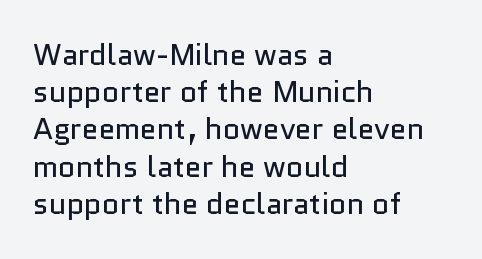
Q: Is the text bold? A: No.
Q: Is the text italic (slanted)? A: No, it is upright.
Q: Is the typeface a serif or a sans-serif typeface? A: Sans-serif.
Q: Is the text underlined? A: No.
Q: How is the paragraph aligned? A: Left-aligned.
Q: Is the spacing between letters normal or unusually wide? A: Normal.
Q: Width (condensed, normal, or wide)? A: Normal.
Q: Stroke contrast? A: Low.
Q: x-height? A: Medium.
Q: Monospaced? A: No.

• _Work instruction_
Would you output the lines from the one that contains "Q: Is the typeface" to the end of the data, both ends included, exactly as they appear?

• _Written response_
Q: Is the typeface a serif or a sans-serif typeface? A: Sans-serif.
Q: Is the text underlined? A: No.
Q: How is the paragraph aligned? A: Left-aligned.
Q: Is the spacing between letters normal or unusually wide? A: Normal.
Q: Width (condensed, normal, or wide)? A: Normal.
Q: Stroke contrast? A: Low.
Q: x-height? A: Medium.
Q: Monospaced? A: No.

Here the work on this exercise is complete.